__Record extracts__

___

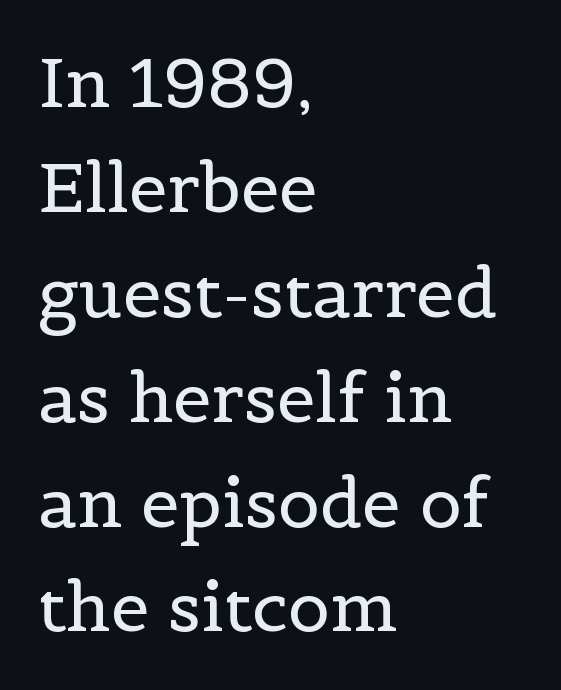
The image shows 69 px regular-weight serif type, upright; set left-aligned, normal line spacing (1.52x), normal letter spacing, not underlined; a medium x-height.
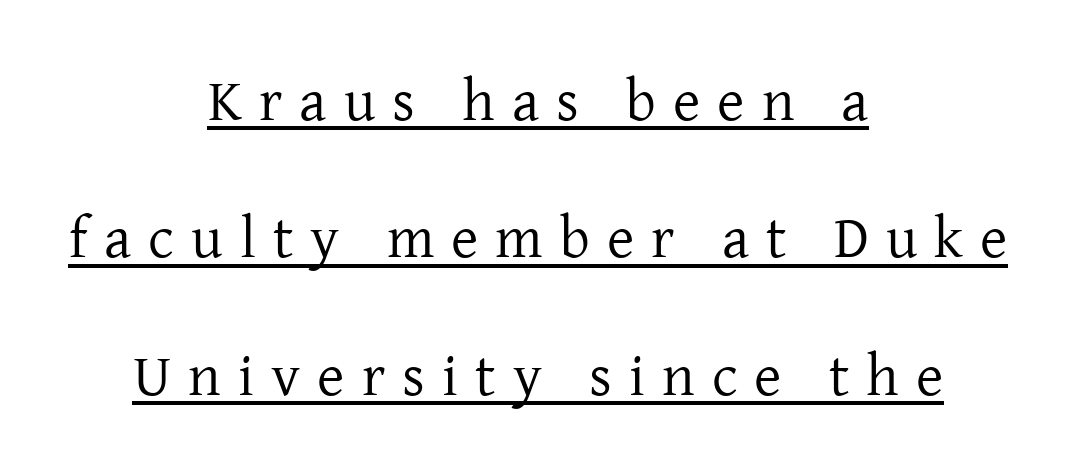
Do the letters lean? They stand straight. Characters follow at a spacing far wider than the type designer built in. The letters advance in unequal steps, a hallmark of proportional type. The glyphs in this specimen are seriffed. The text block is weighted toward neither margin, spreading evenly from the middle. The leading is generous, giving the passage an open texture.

___

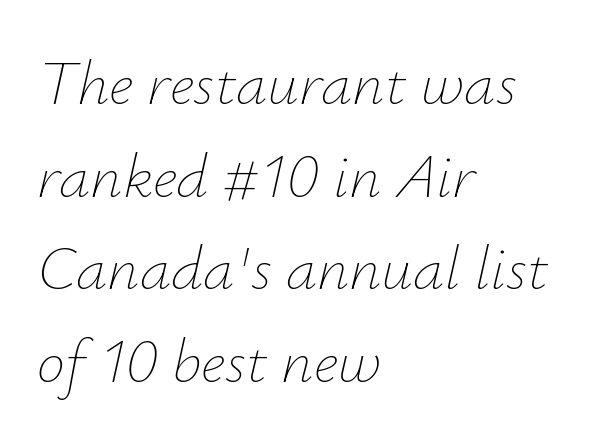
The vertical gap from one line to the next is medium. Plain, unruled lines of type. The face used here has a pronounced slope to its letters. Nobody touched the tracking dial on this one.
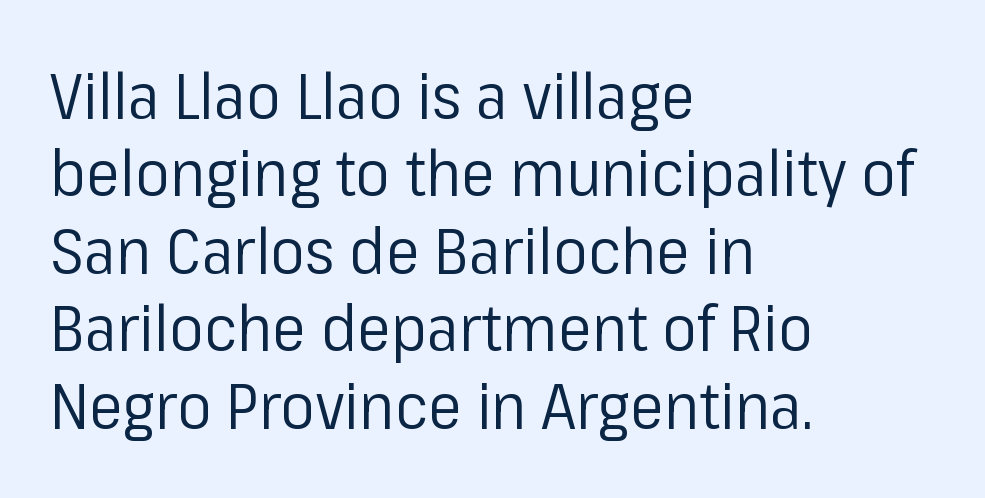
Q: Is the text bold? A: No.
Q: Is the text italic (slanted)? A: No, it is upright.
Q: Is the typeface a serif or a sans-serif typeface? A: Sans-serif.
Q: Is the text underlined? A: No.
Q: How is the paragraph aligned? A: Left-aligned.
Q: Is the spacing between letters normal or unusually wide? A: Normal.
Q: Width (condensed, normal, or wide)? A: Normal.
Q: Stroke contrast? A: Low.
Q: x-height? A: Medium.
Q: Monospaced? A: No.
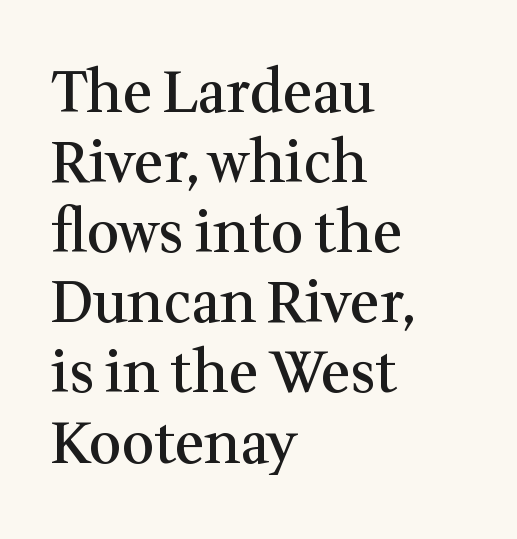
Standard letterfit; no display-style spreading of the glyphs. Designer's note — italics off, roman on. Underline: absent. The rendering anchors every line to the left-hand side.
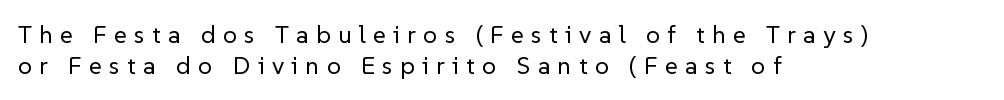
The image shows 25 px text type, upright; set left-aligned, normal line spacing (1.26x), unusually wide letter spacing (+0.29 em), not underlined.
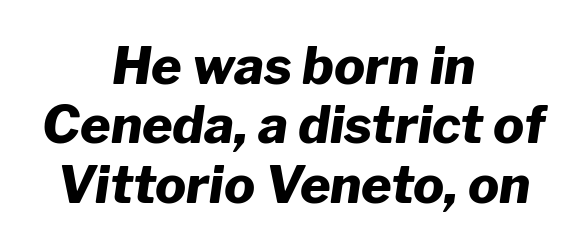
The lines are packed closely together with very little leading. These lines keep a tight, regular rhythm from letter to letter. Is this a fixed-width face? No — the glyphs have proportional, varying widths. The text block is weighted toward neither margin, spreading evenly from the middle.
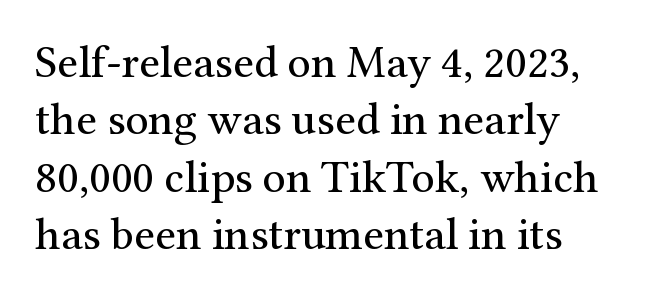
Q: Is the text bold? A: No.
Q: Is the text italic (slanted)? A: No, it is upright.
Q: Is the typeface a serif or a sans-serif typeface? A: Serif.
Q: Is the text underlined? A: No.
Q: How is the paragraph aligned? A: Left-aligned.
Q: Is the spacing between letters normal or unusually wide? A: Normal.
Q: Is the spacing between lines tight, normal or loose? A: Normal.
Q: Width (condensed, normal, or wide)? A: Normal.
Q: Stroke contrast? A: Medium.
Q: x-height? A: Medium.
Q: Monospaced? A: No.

___

__Your instructions__
Filter the listing down to the lines holding the word "typeface", and return those.

__Your response__
Q: Is the typeface a serif or a sans-serif typeface? A: Sans-serif.
Q: Is the typeface a serif or a sans-serif typeface? A: Serif.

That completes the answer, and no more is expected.